163 bags and 10 hours of attic and respirator time and she's finished. Pallets and bags disappeared in the bonfire and barn is cleaned up. It's time for a beer now
Now I have all summer to get the in floor heat going and install a vehicle hoist


----------



## jjlrrw (May 1, 2006)

Nice, I hope you had help loafing the hopper, when I did mine my wife and son were loading and they kept up but not by much.


----------



## koditten (Sep 3, 2016)

Consider a scissor lift. These can be found on the FB marketplace used for $1000 or so.

I have a 2 post lift as well as one of these movable units. I love that I can move it around the shop or outside when the weather cooperates. Slap a piece of plywood on it and you have an adjustable height work bench.


----------



## Josh R (Dec 4, 2010)

jjlrrw said:


> Nice, I hope you had help loafing the hopper, when I did mine my wife and son were loading and they kept up but not by much.

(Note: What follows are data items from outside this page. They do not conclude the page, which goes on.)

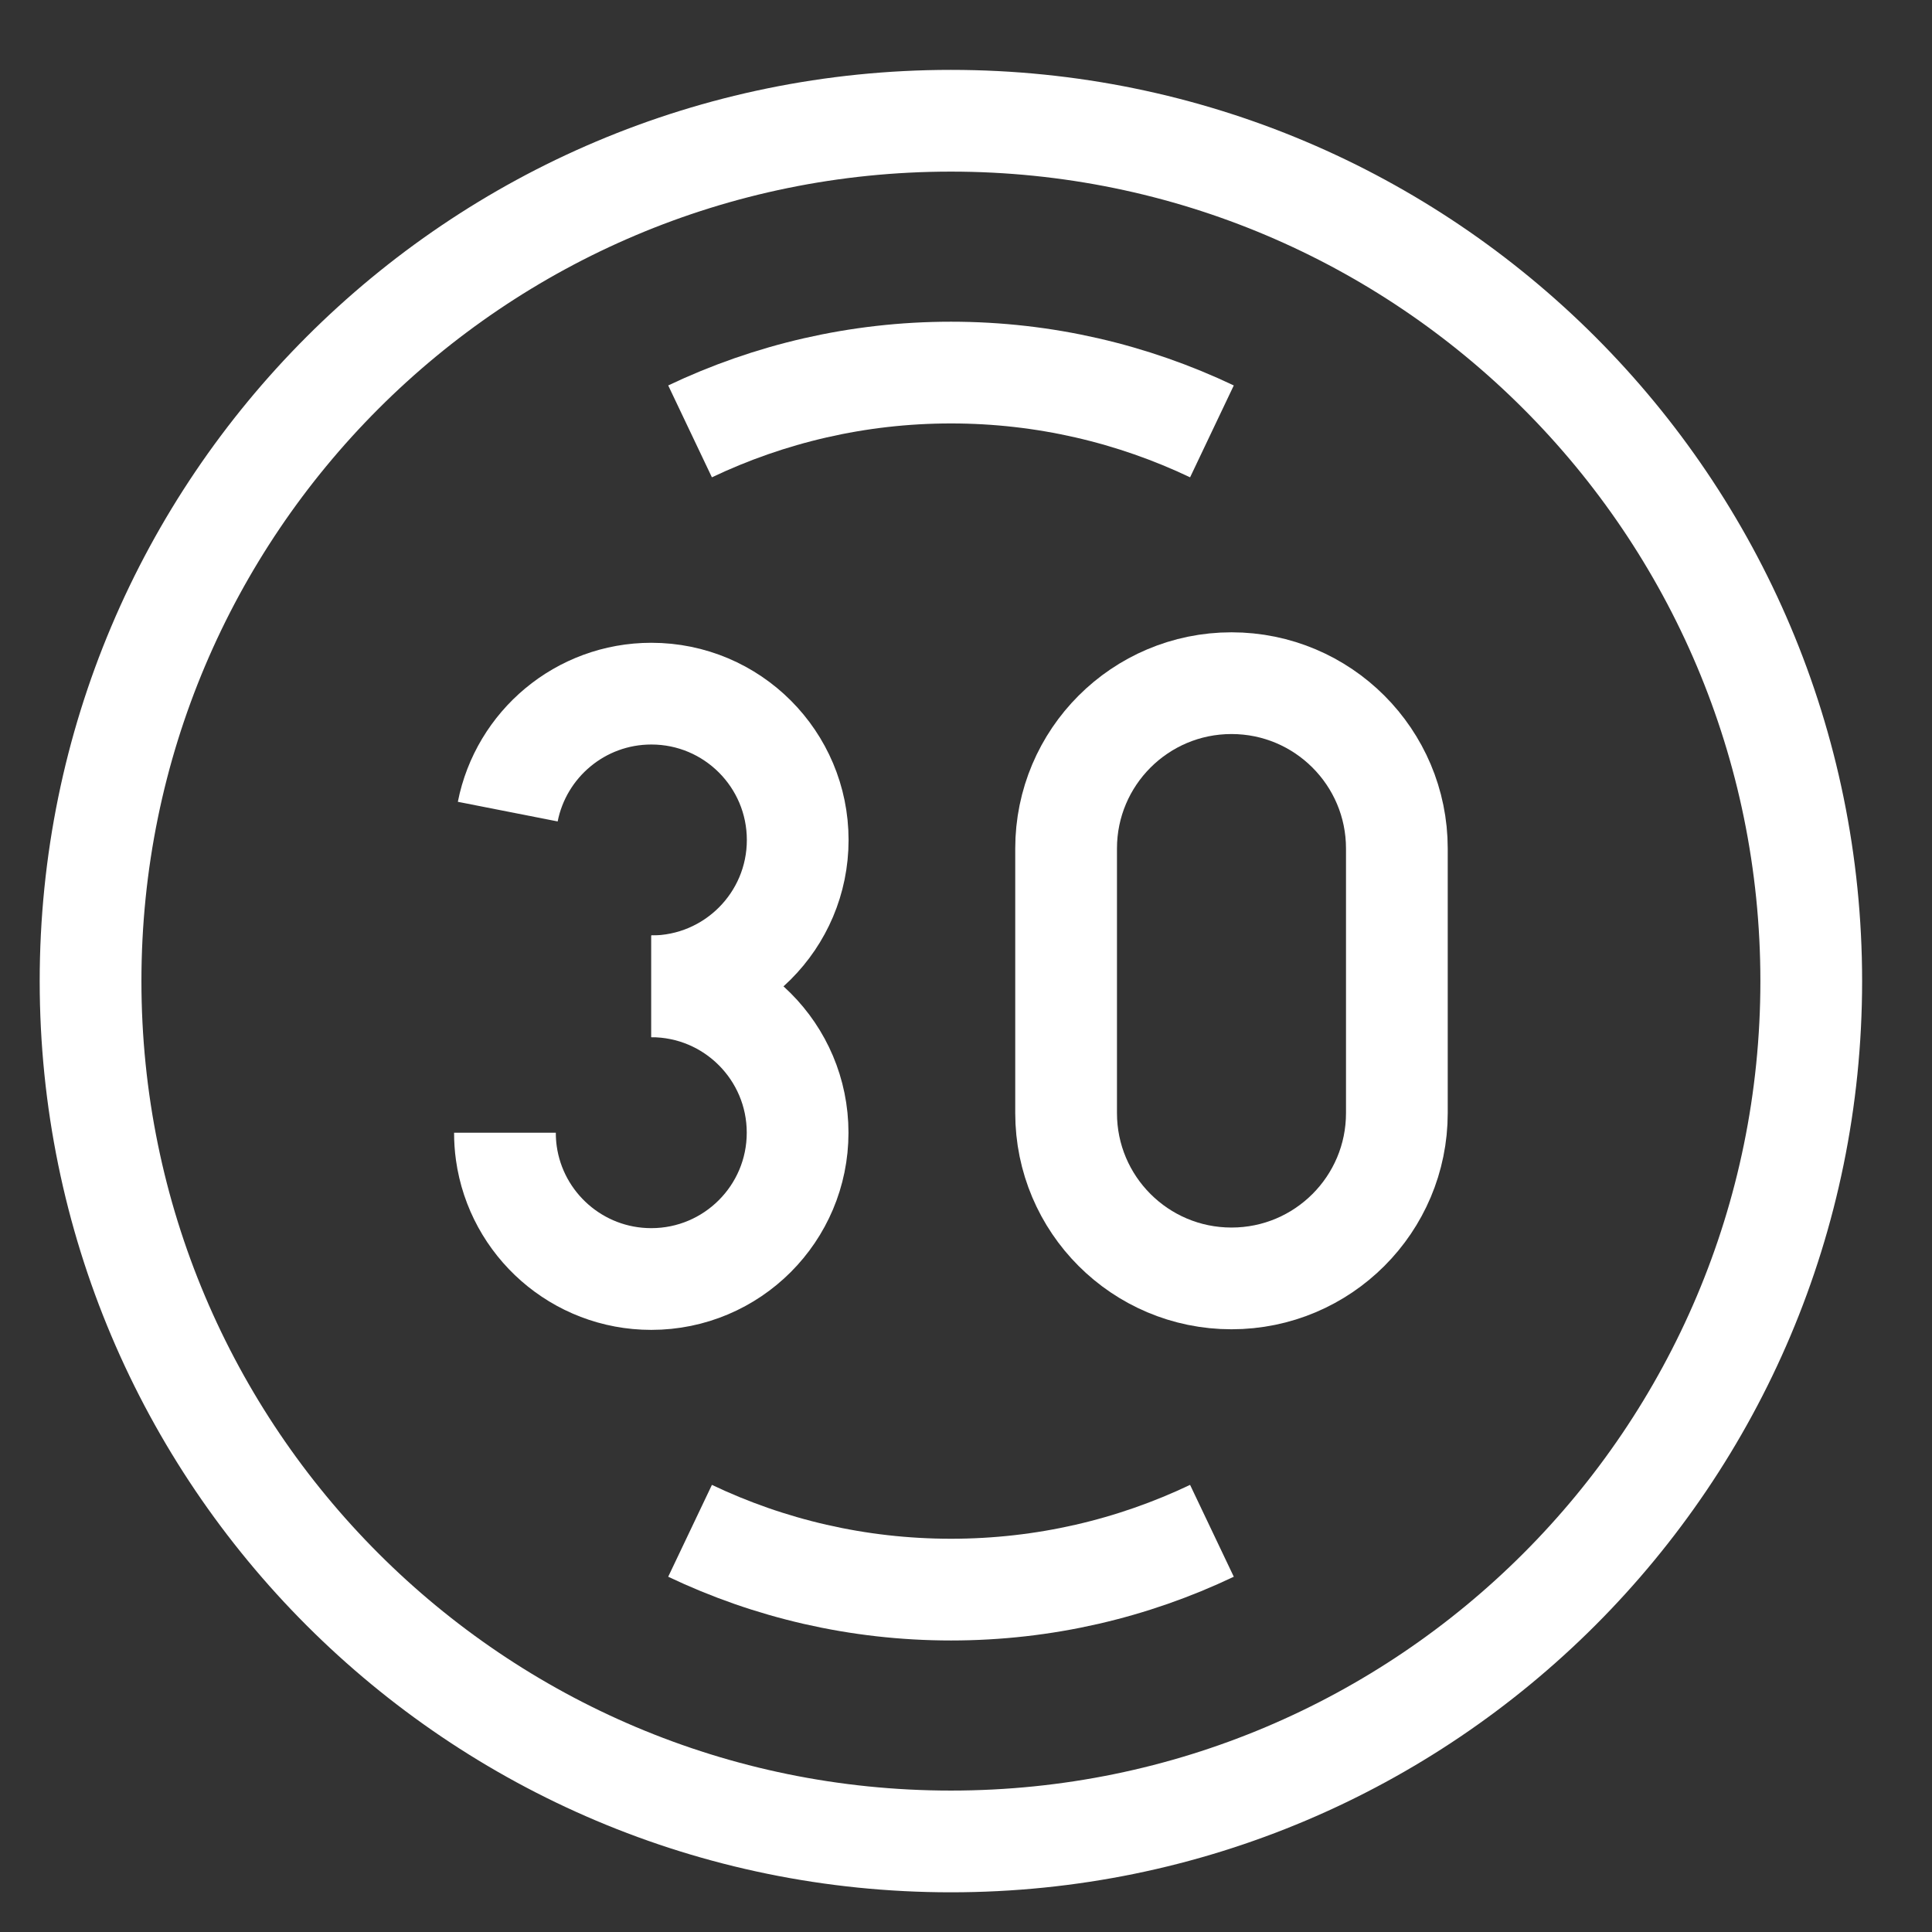 <svg width="64" height="64" viewBox="0 0 64 64" fill="none" xmlns="http://www.w3.org/2000/svg">
<rect x="0" y="0" width="64" height="64" fill="#333333" stroke="none"/>
<path d="M31.5 61C47.24 61 60 48.24 60 32.5C60 16.76 47.24 4 31.5 4C15.76 4 3 16.76 3 32.5C3 48.24 15.76 61 31.5 61Z" stroke="white" stroke-width="3.37" stroke-miterlimit="10"/>
<path d="M40.147 14.29C37.527 13.044 34.598 12.342 31.503 12.342C28.409 12.342 25.479 13.044 22.859 14.29" stroke="white" stroke-width="3.37" stroke-miterlimit="10"/>
<path d="M40.147 50.71C37.527 51.957 34.598 52.658 31.503 52.658C28.409 52.658 25.479 51.957 22.859 50.71" stroke="white" stroke-width="3.37" stroke-miterlimit="10"/>
<path d="M16.82 26.886C17.258 24.659 19.221 22.978 21.577 22.978C24.255 22.978 26.425 25.148 26.425 27.826C26.425 30.503 24.254 32.673 21.577 32.673" stroke="white" stroke-width="3.37" stroke-miterlimit="10"/>
<path d="M21.574 32.674C24.252 32.674 26.422 34.844 26.422 37.522C26.422 40.199 24.252 42.369 21.574 42.369C19.126 42.369 17.102 40.555 16.773 38.198C16.742 37.977 16.727 37.751 16.727 37.522" stroke="white" stroke-width="3.37" stroke-miterlimit="10"/>
<path d="M46.273 36.871C46.273 39.897 43.821 42.349 40.795 42.349C37.769 42.349 35.316 39.897 35.316 36.871V28.109C35.316 25.084 37.769 22.631 40.795 22.631C43.821 22.631 46.273 25.084 46.273 28.109V36.871Z" stroke="white" stroke-width="3.37" stroke-miterlimit="10"/>
</svg>

The one I got from home depot was pretty slow, 1 person could easily keep up


----------



## brushbuster (Nov 9, 2009)

I have to blow my ceiling in for my Garage, not looking forward to it. I have infloor heat but haven't hooked it all up yet. I'm going to run Glycol in a closed loop system out there. I'm also going to hang a heater from the trusses to bring it up to temp when I want to. Spring project.


----------



## Josh R (Dec 4, 2010)

brushbuster said:


> I have to blow my ceiling in for my Garage, not looking forward to it. I have infloor heat but haven't hooked it all up yet. I'm going to run Glycol in a closed loop system out there. I'm also going to hang a heater from the trusses to bring it up to temp when I want to. Spring project.


Well I got half of those 2 projects done, at some point this summer I'm gonna get the boiler done. Before the heating season I gotta get my service doors swapped out and overhead doors sealed up a little better. Service doors were pretty cheap made doors, gonna swap them out for a fiberglass setup


----------